8. focus on hardware knowledge, such as IL. Some code uses IL instead of C #. Focus on the SQL query plan. What exactly did you do with the memory dump of the Web server. Explore, such as why a split will produce 2GB of rubbish.

9. never be bureaucratic. There are always some new tools you need, such as an editor, a new version of Visual Studio, to reduce all resistance in the ascension process.

garbage Collection driver programming. So much effort has been made to reduce the cost of garbage collection, skipping practices like TDD, avoiding abstraction layers, and using static methods. Although extreme, it does create very efficient code.

The value of efficient code is far beyond your imagination, it can make the hardware run faster, reduce the use of resources, remember to make the code easier for programmers to understand.
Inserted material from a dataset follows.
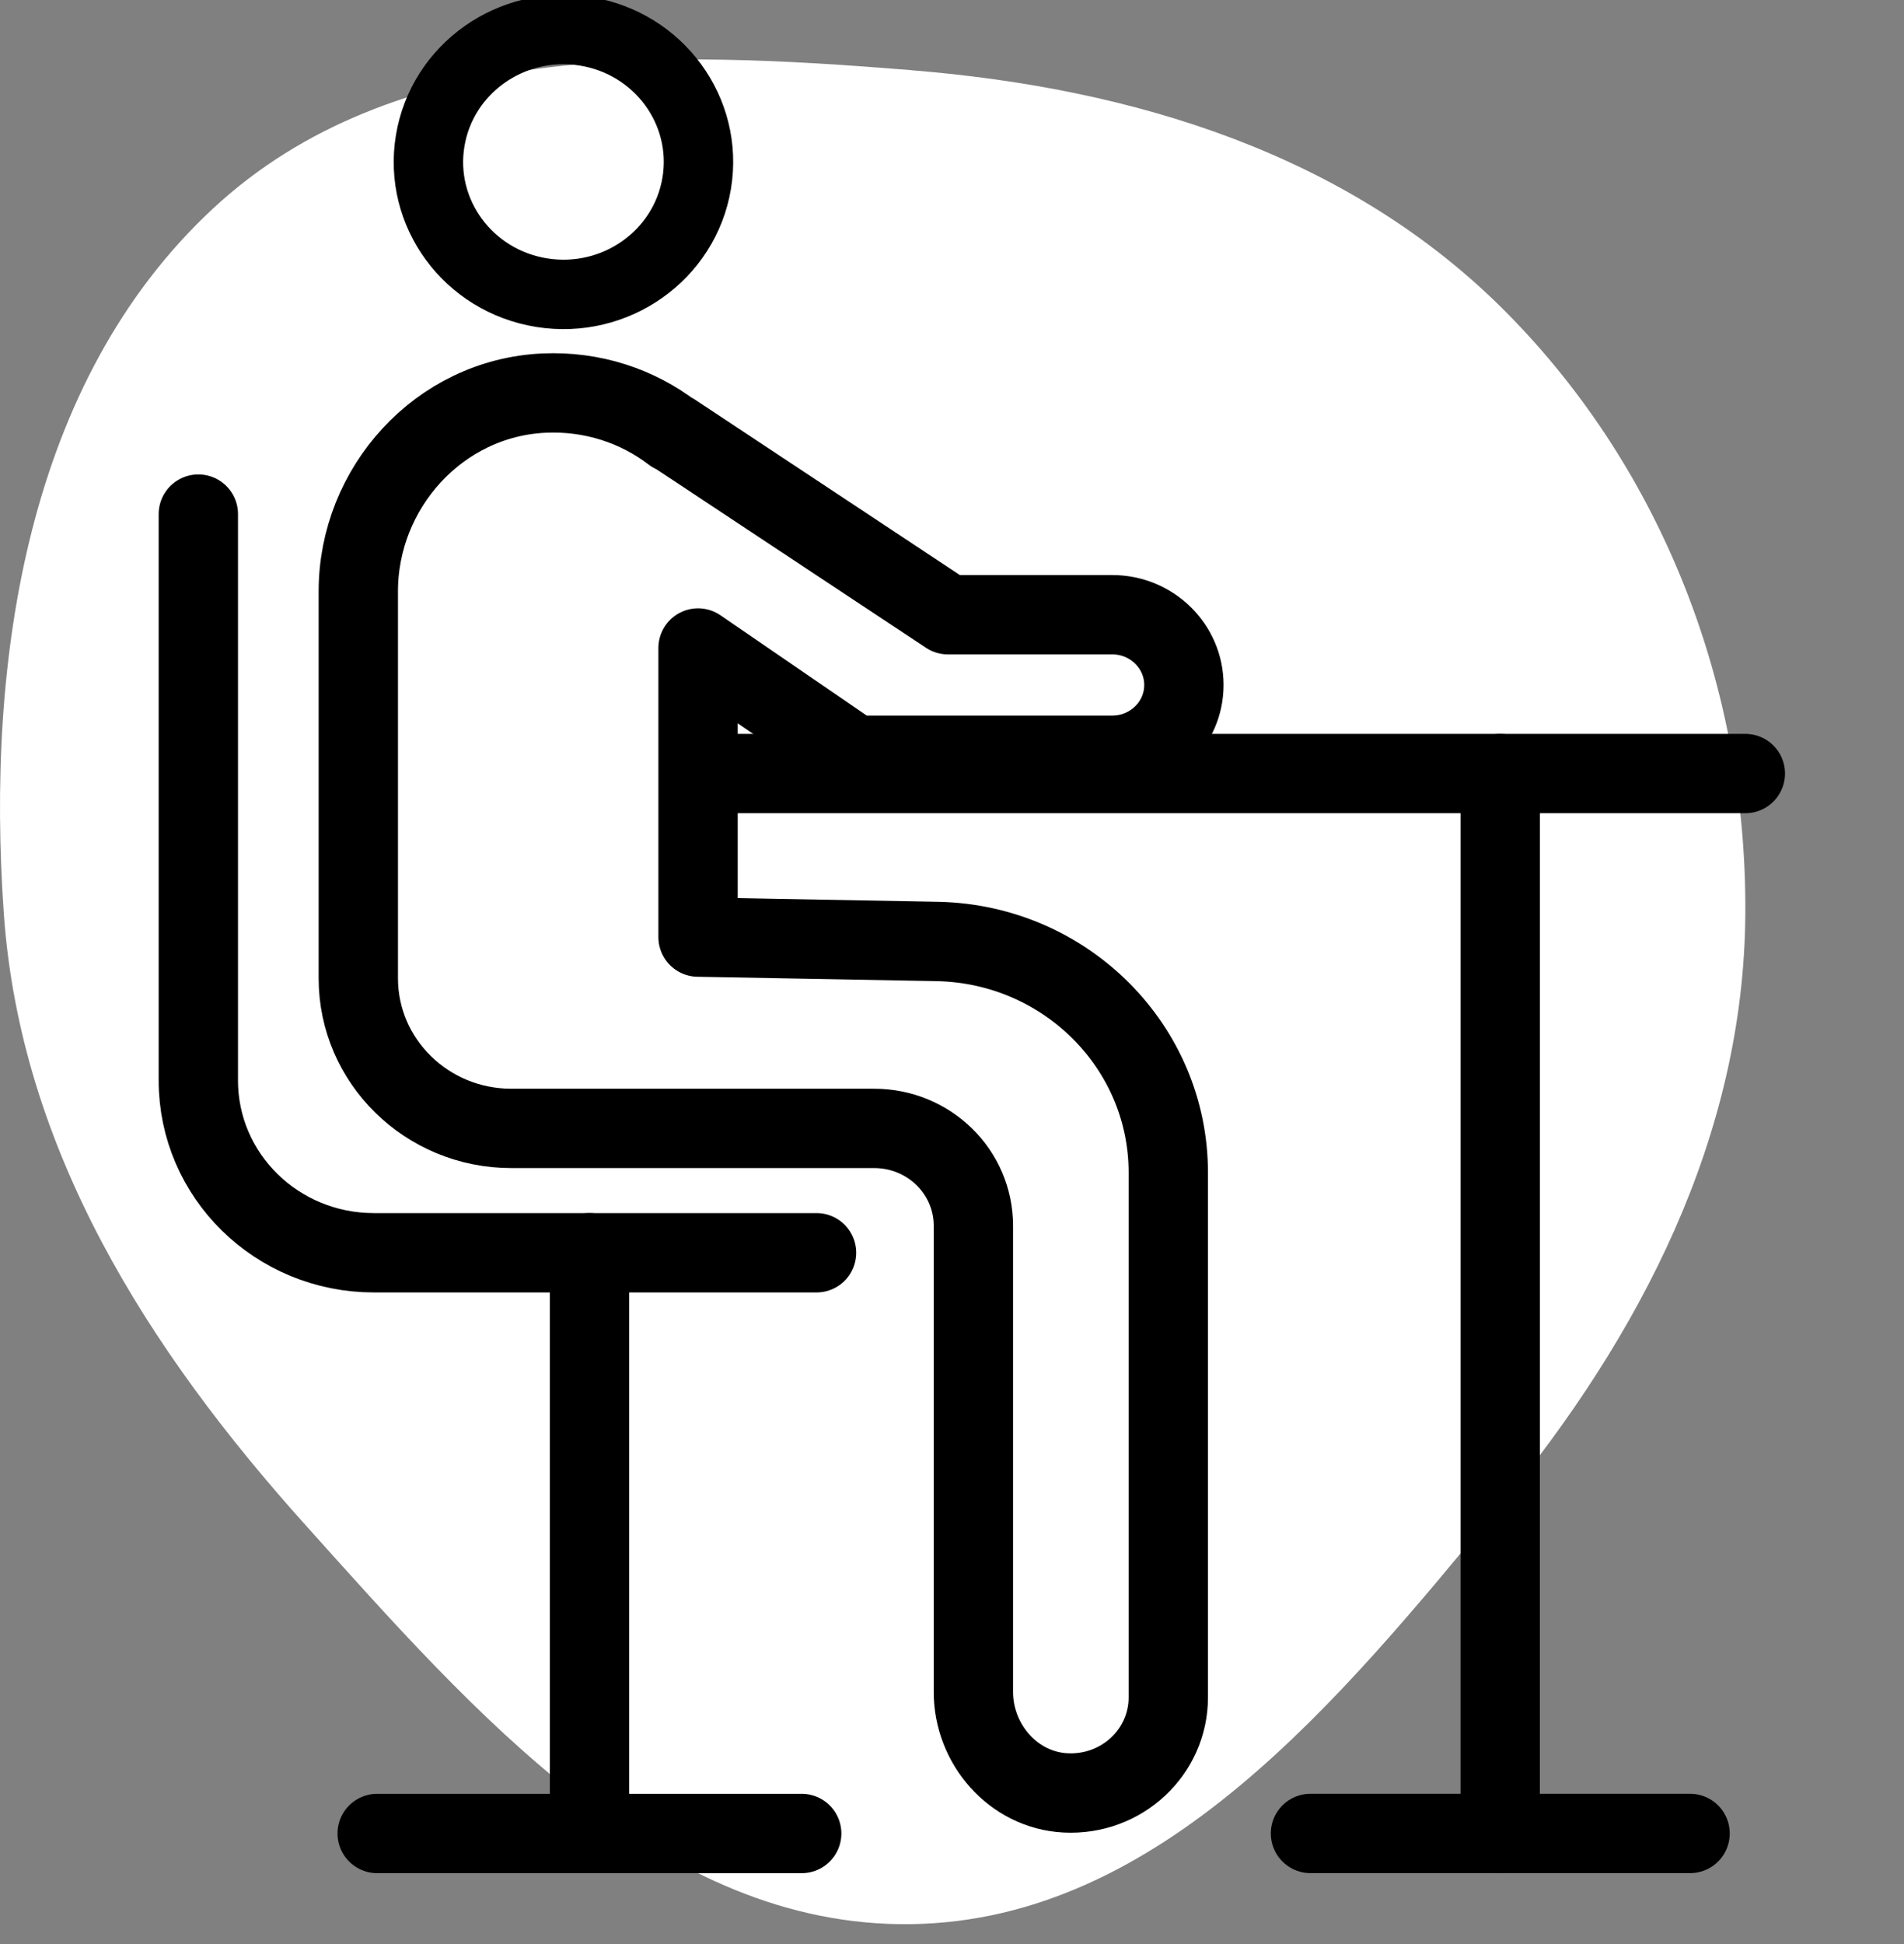 <svg fill="none" height="49" viewBox="0 0 48 49" width="48" xmlns="http://www.w3.org/2000/svg" xmlns:xlink="http://www.w3.org/1999/xlink"><rect x="0" y="0" width="48" height="49" fill="#808080" stroke="none"/><clipPath id="a"><path d="m0 0h48v49h-48z"/></clipPath><g clip-path="url(#a)"><path clip-rule="evenodd" d="m22.982 1.771c5.591.451 11.045 2.112 15.006 6.117 3.956 4.001 6.048 9.487 6.012 15.138-.035 5.615-2.641 10.632-6.202 14.947-4.017 4.869-8.538 10.428-14.816 10.525-6.321.098-11.034-5.332-15.28-10.058-3.972-4.421-7.188-9.463-7.606-15.415-.451-6.411.587-13.415 5.273-17.768 4.576-4.25 11.412-3.988 17.612-3.488z" fill="#fff" fill-rule="evenodd"/><g stroke="#000" stroke-linecap="round" stroke-linejoin="round"><g stroke-width="2"><path d="m20.211 46.213h-10.702"/><path d="m14.862 31.576v14.636"/><path d="m5 12.958v14.277c0 2.399 1.98 4.341 4.426 4.341h11.159"/><path d="m37.82 46.213v-26.715"/><path d="m33.037 46.212h9.57"/><path d="m17.817 19.497h26.183"/></g><path d="m17.564 4.618c.302-1.82-.958-3.534-2.813-3.83-1.855-.296-3.604.939-3.906 2.759-.302 1.82.958 3.534 2.813 3.83 1.855.296 3.604-.939 3.906-2.759z" stroke-width="1.75"/><path d="m21.551 19.036h6.489c.997 0 1.806-.794 1.806-1.771 0-.977-.81-1.771-1.806-1.771h-4.143l-6.929-4.588-.009.009c-.888-.679-2.019-1.063-3.247-1.007-2.651.124-4.679 2.395-4.679 4.994v9.757c0 2.087 1.728 3.782 3.856 3.782h9.148c1.384 0 2.502 1.097 2.502 2.454v11.751c0 1.306.997 2.476 2.324 2.544 1.419.072 2.59-1.033 2.59-2.407v-13.227c0-3.163-2.576-5.75-5.801-5.826l-6.054-.111v-7.286l3.947 2.706z" stroke-width="2"/></g></g></svg>

Original link: StackOverflow update:560m pageviews A Month, Servers, and It's All About performance (compilation/Zhonghao review/Wei Wei)

Stack Overflow Architecture

Contact Us

The content source of this page is from Internet, which doesn't represent Alibaba Cloud's opinion; products and services mentioned on that page don't have any relationship with Alibaba Cloud. If the content of the page makes you feel confusing, please write us an email, we will handle the problem within 5 days after receiving your email.

If you find any instances of plagiarism from the community, please send an email to: info-contact@alibabacloud.com and provide relevant evidence. A staff member will contact you within 5 working days.

A Free Trial That Lets You Build Big!

Start building with 50+ products and up to 12 months usage for Elastic Compute Service

  • Sales Support

    1 on 1 presale consultation

  • After-Sales Support

    24/7 Technical Support 6 Free Tickets per Quarter Faster Response

  • Alibaba Cloud offers highly flexible support services tailored to meet your exact needs.